EXERCISE DIRECTIONS:
All the entries below should be reproduced exactly.

(Beginning of DATA)

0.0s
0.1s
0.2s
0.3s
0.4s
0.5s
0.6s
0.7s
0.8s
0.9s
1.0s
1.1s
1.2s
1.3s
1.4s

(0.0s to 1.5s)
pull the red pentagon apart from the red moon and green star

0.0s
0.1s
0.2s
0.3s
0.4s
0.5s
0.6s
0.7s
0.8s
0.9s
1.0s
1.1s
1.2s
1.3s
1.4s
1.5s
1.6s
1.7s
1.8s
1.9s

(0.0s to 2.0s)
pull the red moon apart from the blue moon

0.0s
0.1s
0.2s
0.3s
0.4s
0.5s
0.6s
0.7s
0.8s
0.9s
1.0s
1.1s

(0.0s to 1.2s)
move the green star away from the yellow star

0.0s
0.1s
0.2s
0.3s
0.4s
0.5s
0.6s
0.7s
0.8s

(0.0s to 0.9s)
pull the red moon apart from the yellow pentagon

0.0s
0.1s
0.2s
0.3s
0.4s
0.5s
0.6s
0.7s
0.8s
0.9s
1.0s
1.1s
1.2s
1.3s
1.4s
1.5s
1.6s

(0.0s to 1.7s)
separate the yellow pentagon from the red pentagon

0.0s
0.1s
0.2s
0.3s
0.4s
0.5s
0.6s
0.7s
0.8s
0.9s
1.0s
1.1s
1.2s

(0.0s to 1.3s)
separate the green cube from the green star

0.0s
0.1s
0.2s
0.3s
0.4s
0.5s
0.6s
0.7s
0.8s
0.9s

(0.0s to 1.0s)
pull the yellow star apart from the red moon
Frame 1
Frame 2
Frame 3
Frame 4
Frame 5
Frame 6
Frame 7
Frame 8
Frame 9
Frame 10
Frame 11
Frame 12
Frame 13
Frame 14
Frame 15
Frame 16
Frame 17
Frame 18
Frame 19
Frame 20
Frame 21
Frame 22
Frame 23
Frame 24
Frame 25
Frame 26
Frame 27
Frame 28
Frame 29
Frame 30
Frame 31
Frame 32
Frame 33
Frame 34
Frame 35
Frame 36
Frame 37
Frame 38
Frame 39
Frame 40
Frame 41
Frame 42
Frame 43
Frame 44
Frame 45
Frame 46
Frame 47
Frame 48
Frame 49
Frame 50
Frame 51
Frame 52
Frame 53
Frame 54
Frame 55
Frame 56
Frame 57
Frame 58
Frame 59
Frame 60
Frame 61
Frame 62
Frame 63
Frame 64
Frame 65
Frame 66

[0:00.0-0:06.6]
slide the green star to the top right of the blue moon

(End of DATA)

EXERCISE ANSWER:
0.0s
0.1s
0.2s
0.3s
0.4s
0.5s
0.6s
0.7s
0.8s
0.9s
1.0s
1.1s
1.2s
1.3s
1.4s

(0.0s to 1.5s)
pull the red pentagon apart from the red moon and green star

0.0s
0.1s
0.2s
0.3s
0.4s
0.5s
0.6s
0.7s
0.8s
0.9s
1.0s
1.1s
1.2s
1.3s
1.4s
1.5s
1.6s
1.7s
1.8s
1.9s

(0.0s to 2.0s)
pull the red moon apart from the blue moon

0.0s
0.1s
0.2s
0.3s
0.4s
0.5s
0.6s
0.7s
0.8s
0.9s
1.0s
1.1s

(0.0s to 1.2s)
move the green star away from the yellow star

0.0s
0.1s
0.2s
0.3s
0.4s
0.5s
0.6s
0.7s
0.8s

(0.0s to 0.9s)
pull the red moon apart from the yellow pentagon

0.0s
0.1s
0.2s
0.3s
0.4s
0.5s
0.6s
0.7s
0.8s
0.9s
1.0s
1.1s
1.2s
1.3s
1.4s
1.5s
1.6s

(0.0s to 1.7s)
separate the yellow pentagon from the red pentagon

0.0s
0.1s
0.2s
0.3s
0.4s
0.5s
0.6s
0.7s
0.8s
0.9s
1.0s
1.1s
1.2s

(0.0s to 1.3s)
separate the green cube from the green star

0.0s
0.1s
0.2s
0.3s
0.4s
0.5s
0.6s
0.7s
0.8s
0.9s

(0.0s to 1.0s)
pull the yellow star apart from the red moon
Frame 1
Frame 2
Frame 3
Frame 4
Frame 5
Frame 6
Frame 7
Frame 8
Frame 9
Frame 10
Frame 11
Frame 12
Frame 13
Frame 14
Frame 15
Frame 16
Frame 17
Frame 18
Frame 19
Frame 20
Frame 21
Frame 22
Frame 23
Frame 24
Frame 25
Frame 26
Frame 27
Frame 28
Frame 29
Frame 30
Frame 31
Frame 32
Frame 33
Frame 34
Frame 35
Frame 36
Frame 37
Frame 38
Frame 39
Frame 40
Frame 41
Frame 42
Frame 43
Frame 44
Frame 45
Frame 46
Frame 47
Frame 48
Frame 49
Frame 50
Frame 51
Frame 52
Frame 53
Frame 54
Frame 55
Frame 56
Frame 57
Frame 58
Frame 59
Frame 60
Frame 61
Frame 62
Frame 63
Frame 64
Frame 65
Frame 66

[0:00.0-0:06.6]
slide the green star to the top right of the blue moon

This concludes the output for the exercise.